Data for analysis Block Start

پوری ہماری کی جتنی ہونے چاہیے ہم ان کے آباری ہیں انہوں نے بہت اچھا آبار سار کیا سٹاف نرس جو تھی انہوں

Data for analysis Block End
Data for analysis Block Start

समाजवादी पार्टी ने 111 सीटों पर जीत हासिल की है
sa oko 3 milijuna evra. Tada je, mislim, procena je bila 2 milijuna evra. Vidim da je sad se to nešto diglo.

Data for analysis Block End

▶ _Task brief_:
Once you find the line with "समाजवादी पार्टी ने" above, print it and every line after it up to and including the line with "sa oko 3 milijuna", exactly as written and nothing else.

▶ _Reply to the exercise_:
समाजवादी पार्टी ने 111 सीटों पर जीत हासिल की है
sa oko 3 milijuna evra. Tada je, mislim, procena je bila 2 milijuna evra. Vidim da je sad se to nešto diglo.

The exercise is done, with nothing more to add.